Duterte Sends Mixed Signals on Martial Law; Analysts Think Philippine President Position on the Issue is a Political Strategy

A few weeks ago, President Rodrigo Duterte of the Philippines has openly expressed that the imposition of the Martial Law should be the prerogative of the President without asking the permission of Congress and the Supreme Court to make such imposition.

The imposition of Martial Law by the Philippine President now has a safeguard because it requires the approval of Congress and the Supreme Court as provided for in the 1987 Constitution.

Duterte said that if both had conflicting findings, there could be trouble. He said that only one person should be giving directions in a situation that required the declaration of Martial Law.

His political opposition, including the Vice President of the Philippines, Leni Robredo, felt that Duterte may be toying with the idea of imposing Martial Law, which was last imposed in the Philippines by the late dictator President Ferdinand Marcos from 1972 to 1981.

No need to declare Martial Law

On December 29, during a live interview with the local media, Duterte changed his tune on the issue when he said that he had no plans of placing the Philippines under martial rule.

He said that the imposition of Martial Law shall only lead to the downfall of the Philippines so he has no plans of declaring it ever, reports Inquirer.net.

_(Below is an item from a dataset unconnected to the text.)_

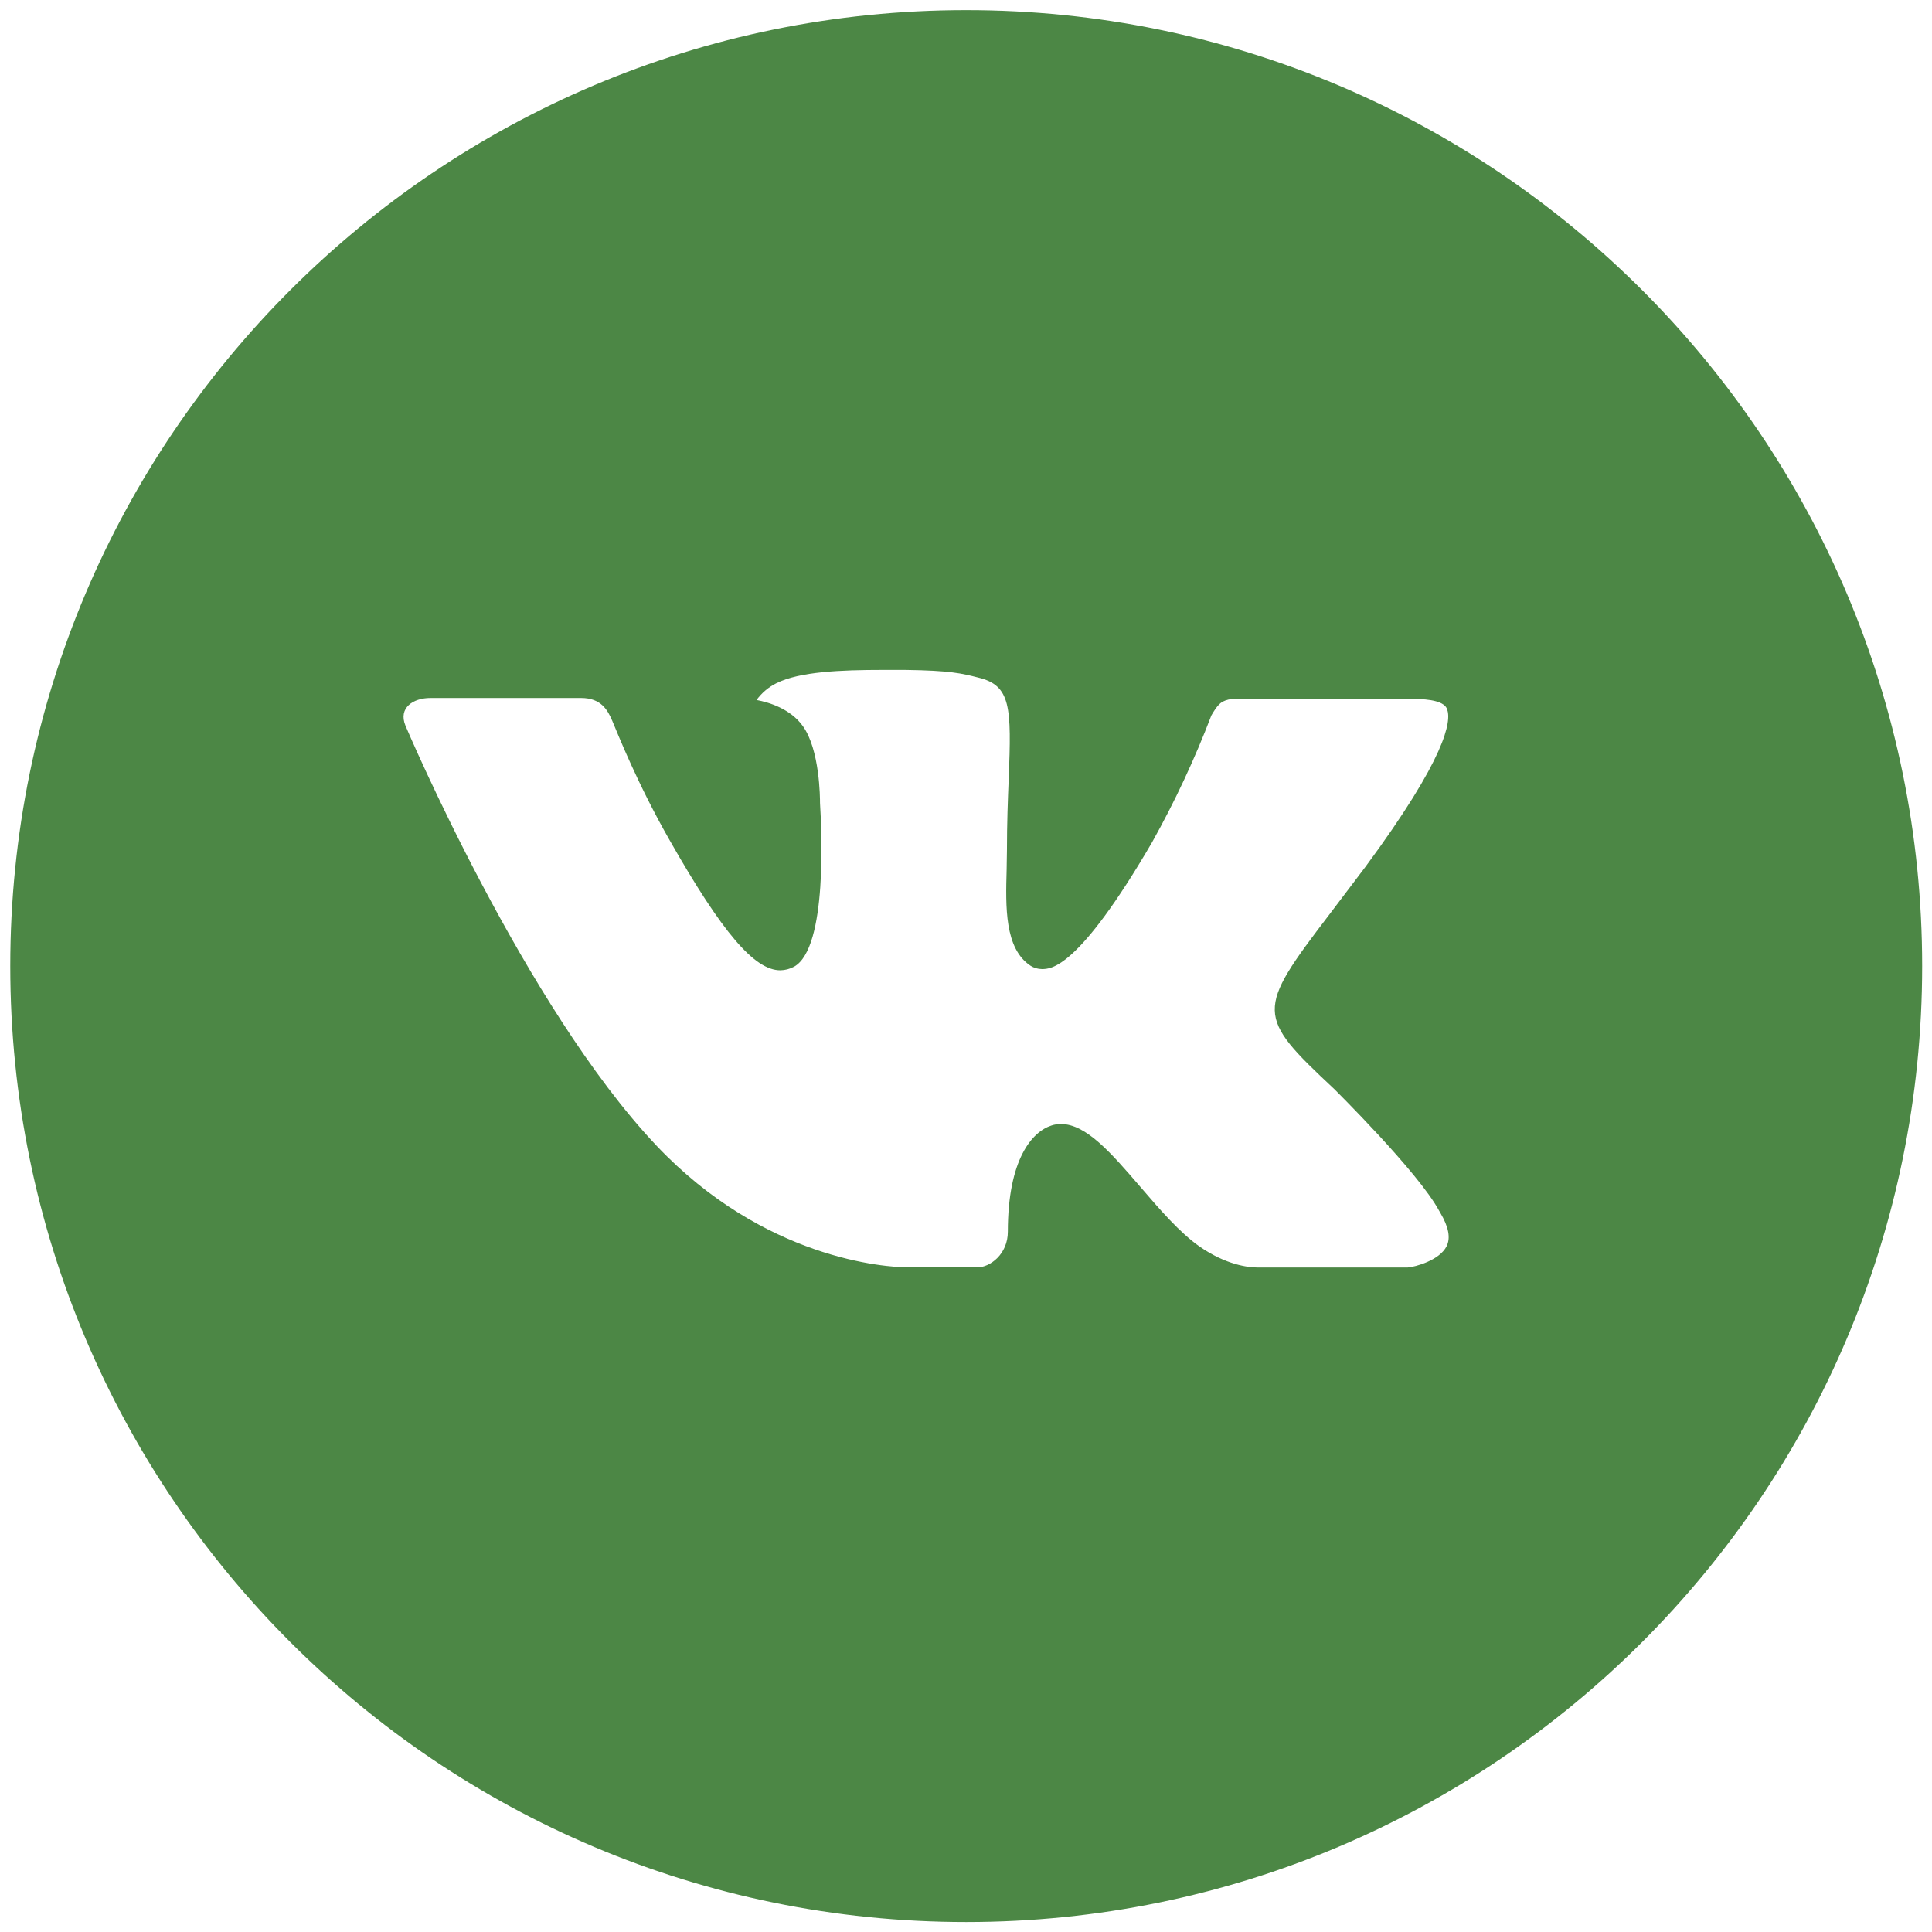 <svg width="32" height="32" viewBox="0 0 32 32" fill="none" xmlns="http://www.w3.org/2000/svg">
<path d="M16.003 0.168C7.259 0.168 0.17 7.257 0.17 16.001C0.17 24.746 7.259 31.835 16.003 31.835C24.748 31.835 31.837 24.746 31.837 16.001C31.837 7.257 24.748 0.168 16.003 0.168ZM22.093 18.032C22.093 18.032 23.493 19.414 23.837 20.055C23.847 20.069 23.852 20.082 23.856 20.088C23.996 20.324 24.029 20.507 23.959 20.644C23.844 20.872 23.448 20.984 23.313 20.994H20.839C20.668 20.994 20.308 20.949 19.872 20.649C19.538 20.415 19.208 20.031 18.886 19.656C18.406 19.099 17.991 18.617 17.572 18.617C17.518 18.617 17.466 18.625 17.415 18.642C17.098 18.744 16.693 19.196 16.693 20.4C16.693 20.776 16.396 20.992 16.186 20.992H15.053C14.667 20.992 12.657 20.857 10.876 18.978C8.695 16.677 6.733 12.063 6.716 12.02C6.592 11.721 6.848 11.561 7.127 11.561H9.625C9.959 11.561 10.067 11.764 10.143 11.944C10.232 12.153 10.559 12.986 11.095 13.923C11.964 15.45 12.497 16.071 12.924 16.071C13.004 16.07 13.083 16.049 13.153 16.011C13.711 15.701 13.607 13.714 13.582 13.301C13.582 13.224 13.58 12.412 13.295 12.023C13.091 11.741 12.743 11.634 12.531 11.594C12.617 11.476 12.729 11.381 12.86 11.316C13.242 11.124 13.932 11.096 14.616 11.096H14.997C15.739 11.106 15.931 11.154 16.2 11.222C16.744 11.352 16.755 11.703 16.707 12.906C16.693 13.247 16.678 13.633 16.678 14.088C16.678 14.187 16.673 14.293 16.673 14.405C16.656 15.017 16.637 15.711 17.069 15.996C17.125 16.032 17.19 16.05 17.257 16.051C17.407 16.051 17.859 16.051 19.082 13.951C19.46 13.275 19.788 12.573 20.064 11.85C20.089 11.807 20.161 11.675 20.247 11.624C20.31 11.592 20.38 11.575 20.451 11.576H23.389C23.709 11.576 23.928 11.624 23.969 11.748C24.042 11.944 23.956 12.543 22.615 14.359L22.017 15.149C20.801 16.742 20.801 16.823 22.093 18.032Z" fill="#4C8745"/>
</svg>

The President said he would just tell the Filipino people if there was lawless violence and the steps he would take to stop it. He added he saw no need to punish people with such a declaration just because of criminality.

Duterte also said that he already told the Philippine military to develop loyalty not to him, but to the Constitution.

The Philippine President also said that declaring Martial Law is useless. He said that the military and the police are the two factors that can make or unmake a president, whether these two elements of the government believe in his cause or not.

He said that the only time that he would declare Martial Law is during a case of an invasion by a foreign country of the Philippines.

Time to revert to the 1935 Constitution

Just the same, he maintained his position that the constitutional provision on the declaration of Martial Law should be amended because the Supreme Court may not agree with Congress’ approval of the measure.

He explained that Congress is made up of politicians. Now, if he goes to Congress, they say, go ahead, another 60 days. Then the Supreme Court says the factual basis for Martial Law imposition does not exist. It’s pure fiction in the mind, so it is not lawful to declare Martial Law. So the President is left holding an empty bag, so to speak.

He said that it would be better if the situation would revert to the 1935 Constitution to make the declaration of Martial Law the sole prerogative of the President. It was the same Constitution where former President Ferdinand Marcos based his decision to declare Martial Law on September 21, 1972, notes ABS-CBN News.

As early as August, Duterte has been talking about declaring Martial Law as an option in light of his serious campaign against illegal drugs. He even asked Supreme Court Chief Justice Maria Lourdes Sereno to back off from his decision to publicly name judges allegedly involved in illegal drugs.

Sereno opposed the decision of the President to publicly name judges who are allegedly involved in illegal drugs because the intelligence reports have yet to be verified and validated.

Then in October, Duterte once again hinted at an idea to declare Martial Law because of the illegal drug trade in the country, during a meeting with the Jewish community at the Beit Yaacov Synagogue in Makati City.